** Available records follows **

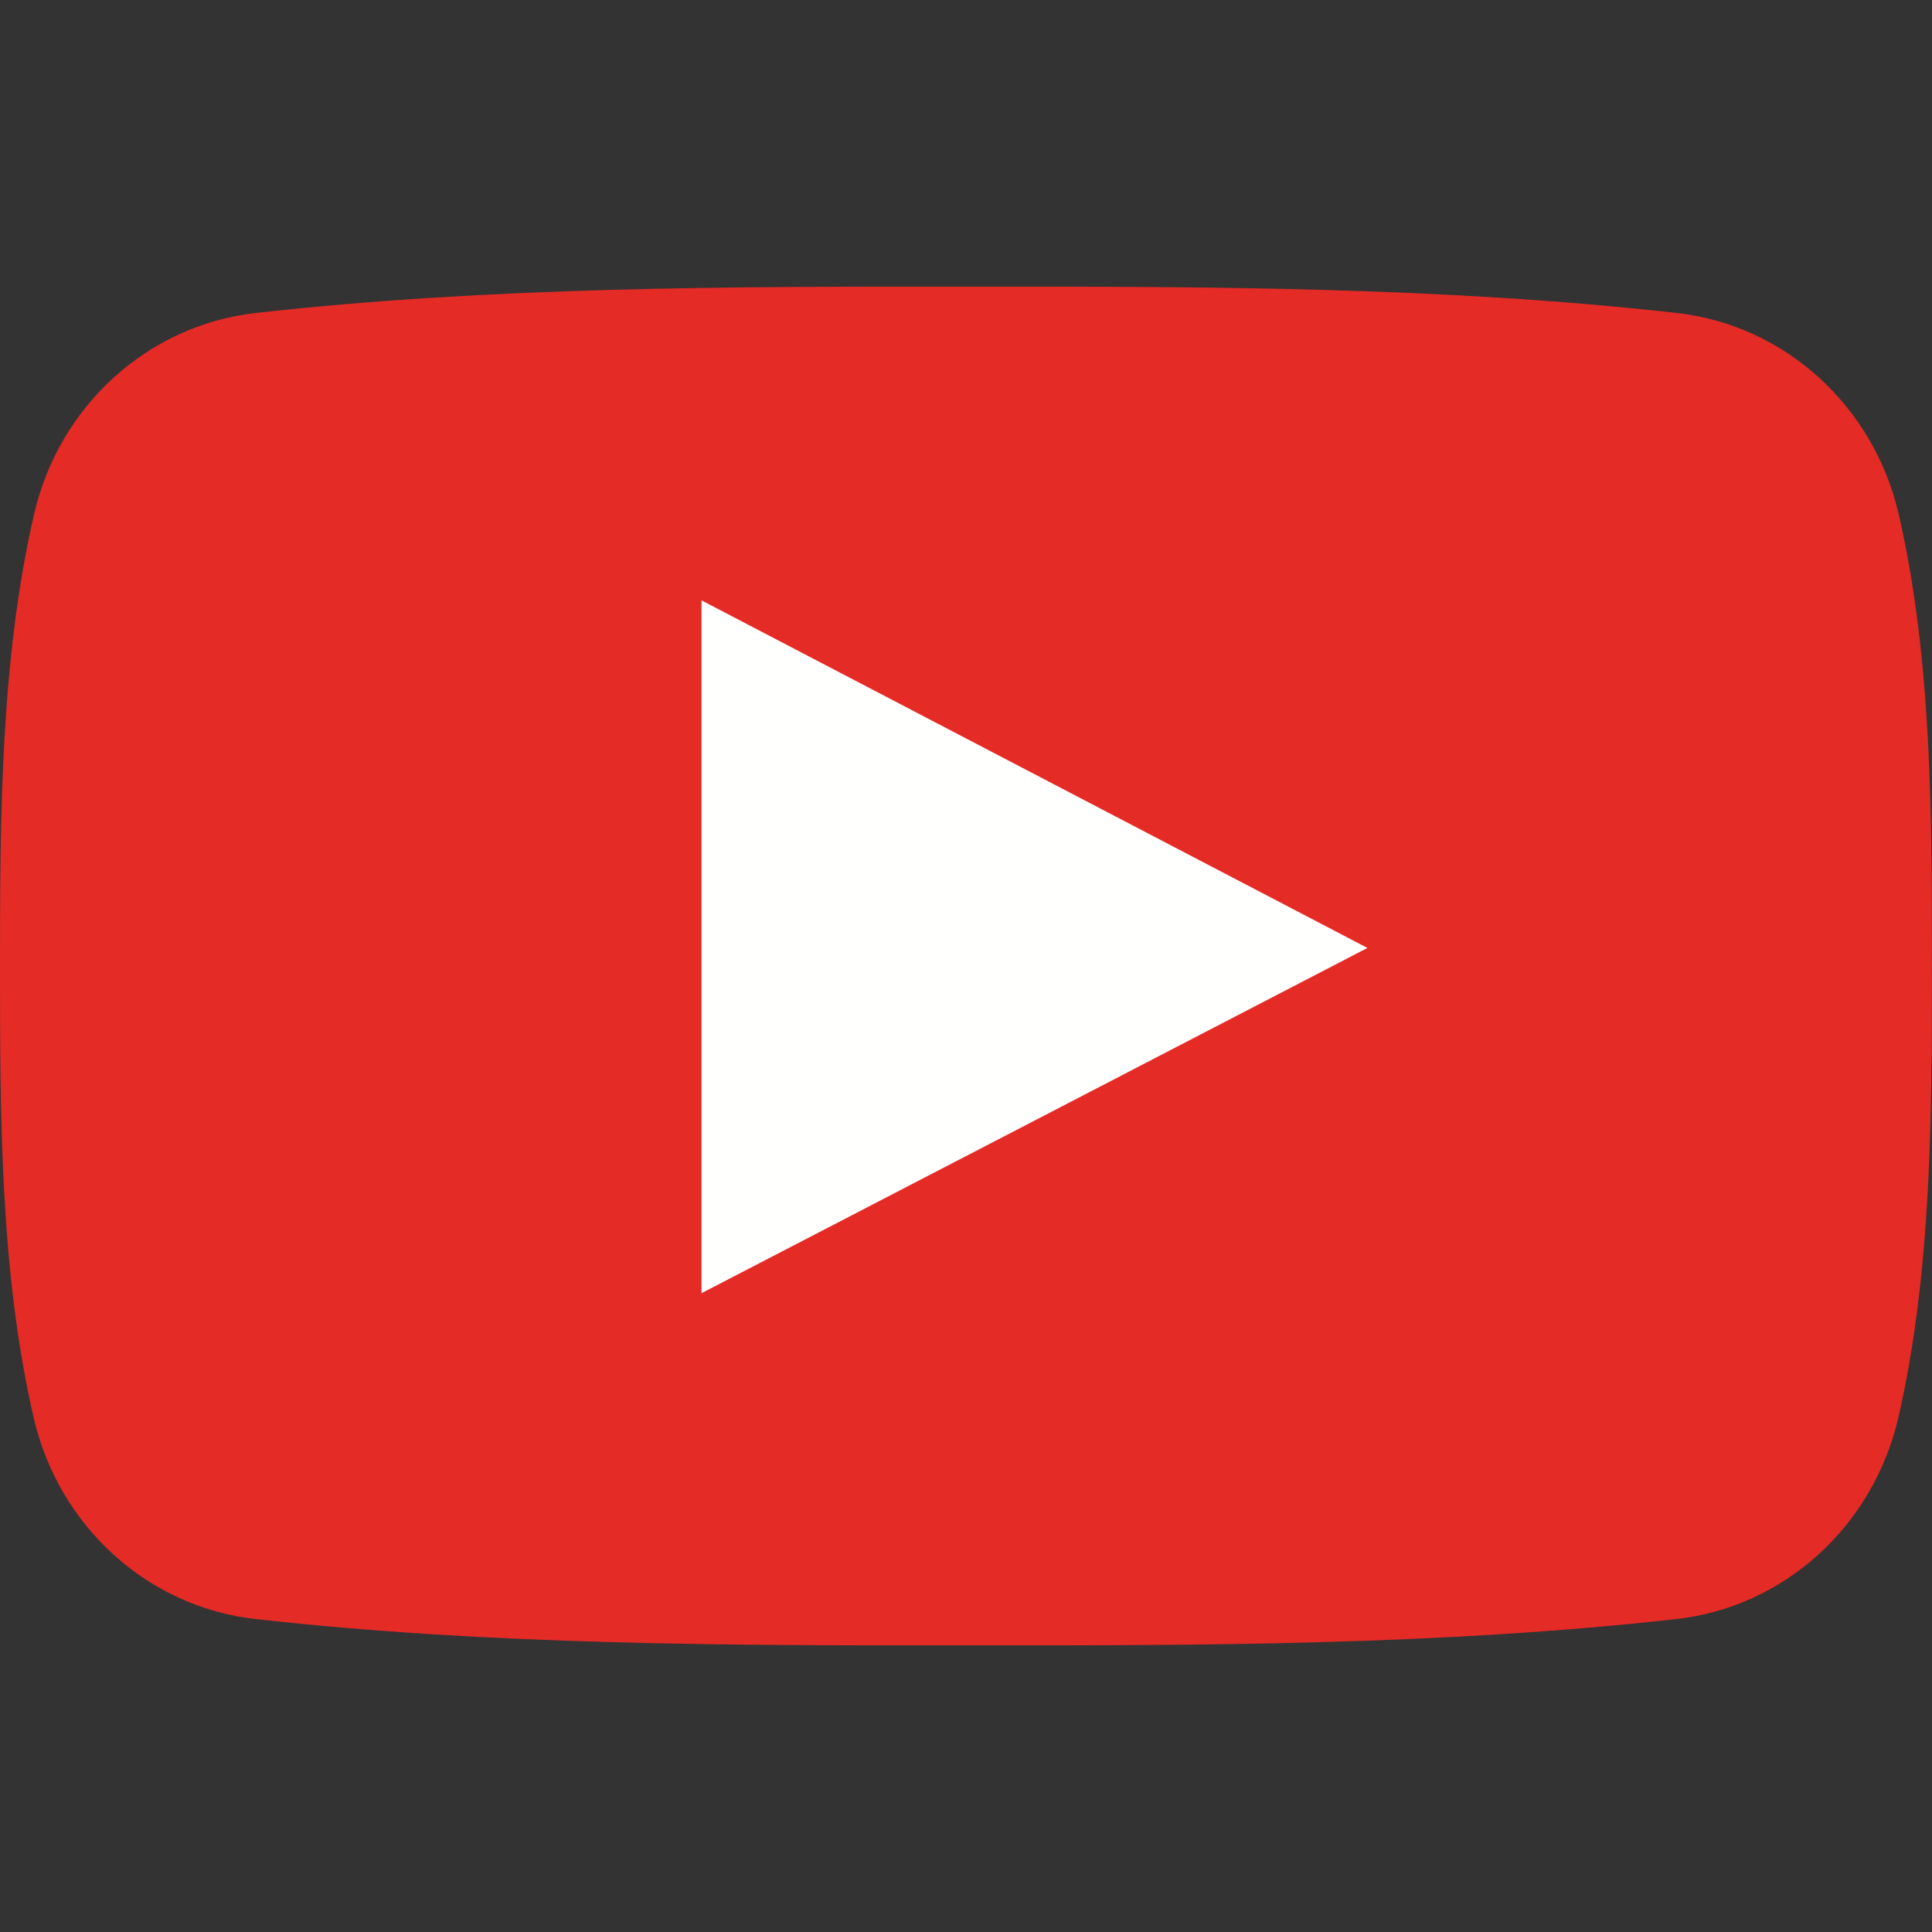 <svg width="88" height="88" viewBox="0 0 88 88" fill="none" xmlns="http://www.w3.org/2000/svg">
<rect x="0" y="0" width="88" height="88" fill="#333333" stroke="none"/>
<g id="Frame" clip-path="url(#clip0_1_6351)">
<g id="Group">
<path id="Vector" fill-rule="evenodd" clip-rule="evenodd" d="M82.851 17.198C81.074 15.584 78.823 14.526 76.361 14.254C71.011 13.655 65.612 13.354 60.194 13.203C54.813 13.053 49.407 13.053 44.014 13.056C38.622 13.053 33.217 13.053 27.834 13.203C22.416 13.354 17.016 13.655 11.662 14.254C9.203 14.526 6.953 15.585 5.177 17.199C3.413 18.803 2.117 20.957 1.55 23.432C0.784 26.751 0.397 30.213 0.201 33.698C0.005 37.196 0 40.651 0 44.004C0 47.353 0 50.803 0.191 54.304C0.383 57.786 0.765 61.249 1.531 64.568C2.101 67.045 3.399 69.2 5.163 70.803C6.937 72.416 9.185 73.474 11.643 73.746C16.998 74.345 22.398 74.647 27.816 74.797C33.199 74.948 38.604 74.948 43.997 74.944C49.392 74.948 54.797 74.948 60.18 74.797C65.596 74.647 70.995 74.345 76.349 73.746C78.807 73.474 81.054 72.416 82.829 70.804C84.594 69.2 85.893 67.046 86.468 64.568C87.23 61.249 87.613 57.786 87.804 54.304C87.993 50.87 87.995 47.386 87.995 44.004H87.998V43.834H87.995C87.995 37.114 87.995 29.997 86.486 23.432C85.916 20.955 84.617 18.801 82.851 17.198Z" fill="#E42B26"/>
<path id="Vector_2" fill-rule="evenodd" clip-rule="evenodd" d="M60.696 42.348C55.682 39.73 50.703 37.131 45.729 34.536C41.594 32.378 37.464 30.223 33.321 28.06L31.953 27.346V58.902L33.317 58.196C37.893 55.826 42.449 53.464 47.004 51.102L60.692 44.004L62.285 43.178L60.696 42.348Z" fill="#FFFFFE"/>
</g>
</g>
<defs>
<clipPath id="clip0_1_6351">
<rect width="88" height="88" fill="white"/>
</clipPath>
</defs>
</svg>
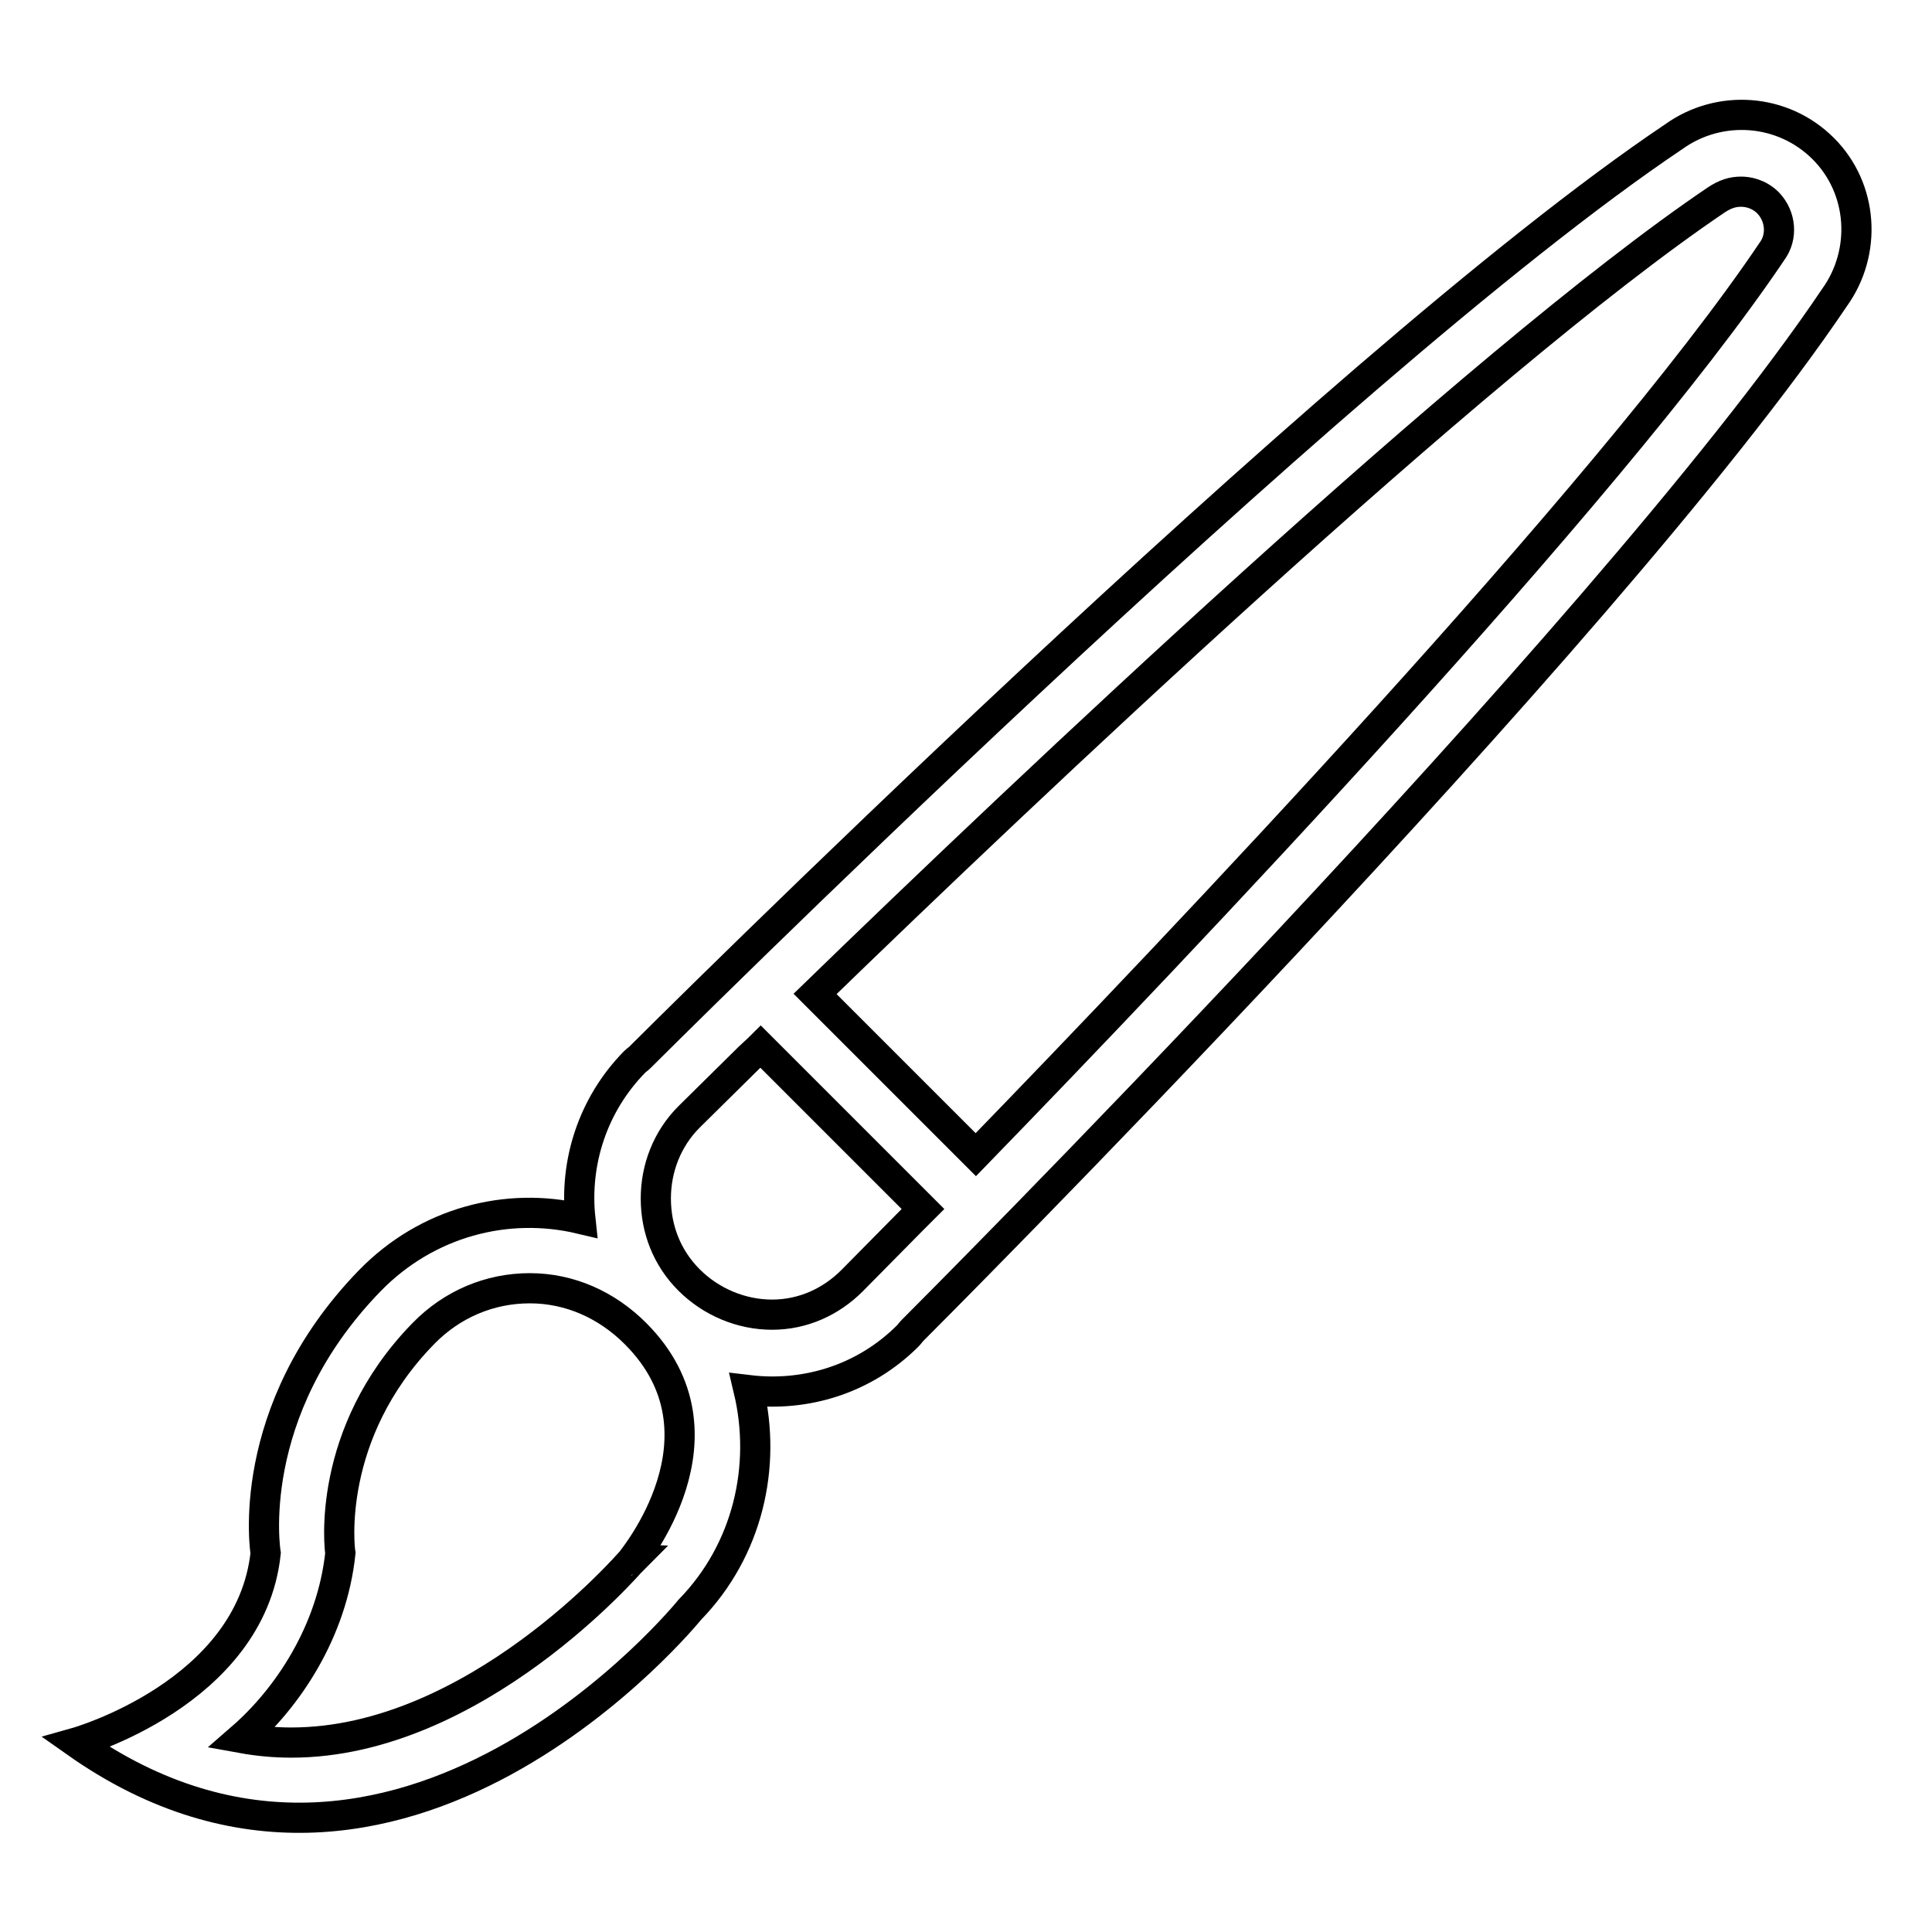 <?xml version="1.0" encoding="utf-8"?>
<!-- Svg Vector Icons : http://www.onlinewebfonts.com/icon -->
<!DOCTYPE svg PUBLIC "-//W3C//DTD SVG 1.1//EN" "http://www.w3.org/Graphics/SVG/1.1/DTD/svg11.dtd">
<svg version="1.1" xmlns="http://www.w3.org/2000/svg" xmlns:xlink="http://www.w3.org/1999/xlink" x="0px" y="0px" viewBox="0 0 256 256" enable-background="new 0 0 256 256" xml:space="preserve">
<g> <path stroke-width="4" fill-opacity="0" stroke="#000000"  d="M243.1,39.4c-30.5,45.3-122.2,136.9-122.2,136.9l0,0c-0.2,0.2-0.4,0.5-0.6,0.7c-5.8,5.8-13.6,8.1-21.1,7.2 c2.4,10.1-0.1,21.2-7.8,29.1c0,0-38.6,47.7-81.3,17.6c0,0,23.1-6.5,25.1-25.1c0,0-3.1-18.7,13.8-36.1c7.6-7.8,18.2-10.5,27.9-8.2 c-0.8-7.4,1.6-15.1,7.2-20.8c0.2-0.2,0.5-0.4,0.7-0.6l0,0c0,0,91.7-91.6,137-122c6-4.3,14.4-3.8,19.8,1.6 C246.9,25,247.4,33.4,243.1,39.4z M84.2,176.7c-3.8-3.8-8.7-6-14-6c-5.3,0-10.3,2.1-14.1,6c-13,13.3-11.1,28.6-11,29.1 c-1.1,10.4-7,19.2-13.1,24.5c2.2,0.4,4.4,0.6,6.6,0.6c24.4,0,44.9-23.9,45.1-24.1C83.6,206.8,97.7,190.2,84.2,176.7z M86.9,158.8 c0,4.1,1.5,7.9,4.4,10.8c2.9,2.9,6.9,4.6,11,4.6c4.1,0,7.8-1.7,10.6-4.5l8-8.1c0.4-0.4,1-1,1.4-1.4l-21.5-21.5 c-0.5,0.5-1.1,1-1.5,1.4l-8,7.9C88.4,150.9,86.9,154.8,86.9,158.8z M234.3,26.9c-1.3-1.3-2.8-1.5-3.6-1.5c-1.1,0-2.1,0.3-3.3,1.1 C195.6,48,135.1,105.4,108,131.7l21.3,21.3c26.4-27.2,83.9-87.6,105.5-119.7C236.2,31.4,236,28.7,234.3,26.9z"/></g>
</svg>

** End of Available records **

**Task requirements:** Every line above goes into your copy exactly; no images go in.

**Exercise solution:**
 <svg width="88" height="88" viewBox="0 0 88 88" fill="none" xmlns="http://www.w3.org/2000/svg">
<rect x="0" y="0" width="88" height="88" fill="#333333" stroke="none"/>
<g id="Frame" clip-path="url(#clip0_1_6351)">
<g id="Group">
<path id="Vector" fill-rule="evenodd" clip-rule="evenodd" d="M82.851 17.198C81.074 15.584 78.823 14.526 76.361 14.254C71.011 13.655 65.612 13.354 60.194 13.203C54.813 13.053 49.407 13.053 44.014 13.056C38.622 13.053 33.217 13.053 27.834 13.203C22.416 13.354 17.016 13.655 11.662 14.254C9.203 14.526 6.953 15.585 5.177 17.199C3.413 18.803 2.117 20.957 1.55 23.432C0.784 26.751 0.397 30.213 0.201 33.698C0.005 37.196 0 40.651 0 44.004C0 47.353 0 50.803 0.191 54.304C0.383 57.786 0.765 61.249 1.531 64.568C2.101 67.045 3.399 69.2 5.163 70.803C6.937 72.416 9.185 73.474 11.643 73.746C16.998 74.345 22.398 74.647 27.816 74.797C33.199 74.948 38.604 74.948 43.997 74.944C49.392 74.948 54.797 74.948 60.18 74.797C65.596 74.647 70.995 74.345 76.349 73.746C78.807 73.474 81.054 72.416 82.829 70.804C84.594 69.2 85.893 67.046 86.468 64.568C87.23 61.249 87.613 57.786 87.804 54.304C87.993 50.87 87.995 47.386 87.995 44.004H87.998V43.834H87.995C87.995 37.114 87.995 29.997 86.486 23.432C85.916 20.955 84.617 18.801 82.851 17.198Z" fill="#E42B26"/>
<path id="Vector_2" fill-rule="evenodd" clip-rule="evenodd" d="M60.696 42.348C55.682 39.73 50.703 37.131 45.729 34.536C41.594 32.378 37.464 30.223 33.321 28.06L31.953 27.346V58.902L33.317 58.196C37.893 55.826 42.449 53.464 47.004 51.102L60.692 44.004L62.285 43.178L60.696 42.348Z" fill="#FFFFFE"/>
</g>
</g>
<defs>
<clipPath id="clip0_1_6351">
<rect width="88" height="88" fill="white"/>
</clipPath>
</defs>
</svg>
 <?xml version="1.0" encoding="utf-8"?>
<!-- Svg Vector Icons : http://www.onlinewebfonts.com/icon -->
<!DOCTYPE svg PUBLIC "-//W3C//DTD SVG 1.1//EN" "http://www.w3.org/Graphics/SVG/1.1/DTD/svg11.dtd">
<svg version="1.1" xmlns="http://www.w3.org/2000/svg" xmlns:xlink="http://www.w3.org/1999/xlink" x="0px" y="0px" viewBox="0 0 256 256" enable-background="new 0 0 256 256" xml:space="preserve">
<g> <path stroke-width="4" fill-opacity="0" stroke="#000000"  d="M243.1,39.4c-30.5,45.3-122.2,136.9-122.2,136.9l0,0c-0.2,0.2-0.4,0.5-0.6,0.7c-5.8,5.8-13.6,8.1-21.1,7.2 c2.4,10.1-0.1,21.2-7.8,29.1c0,0-38.6,47.7-81.3,17.6c0,0,23.1-6.5,25.1-25.1c0,0-3.1-18.7,13.8-36.1c7.6-7.8,18.2-10.5,27.9-8.2 c-0.8-7.4,1.6-15.1,7.2-20.8c0.2-0.2,0.5-0.4,0.7-0.6l0,0c0,0,91.7-91.6,137-122c6-4.3,14.4-3.8,19.8,1.6 C246.9,25,247.4,33.4,243.1,39.4z M84.2,176.7c-3.8-3.8-8.7-6-14-6c-5.3,0-10.3,2.1-14.1,6c-13,13.3-11.1,28.6-11,29.1 c-1.1,10.4-7,19.2-13.1,24.5c2.2,0.4,4.4,0.6,6.6,0.6c24.4,0,44.9-23.9,45.1-24.1C83.6,206.8,97.7,190.2,84.2,176.7z M86.9,158.8 c0,4.1,1.5,7.9,4.4,10.8c2.9,2.9,6.9,4.6,11,4.6c4.1,0,7.8-1.7,10.6-4.5l8-8.1c0.4-0.4,1-1,1.4-1.4l-21.5-21.5 c-0.5,0.5-1.1,1-1.5,1.4l-8,7.9C88.4,150.9,86.9,154.8,86.9,158.8z M234.3,26.9c-1.3-1.3-2.8-1.5-3.6-1.5c-1.1,0-2.1,0.3-3.3,1.1 C195.6,48,135.1,105.4,108,131.7l21.3,21.3c26.4-27.2,83.9-87.6,105.5-119.7C236.2,31.4,236,28.7,234.3,26.9z"/></g>
</svg>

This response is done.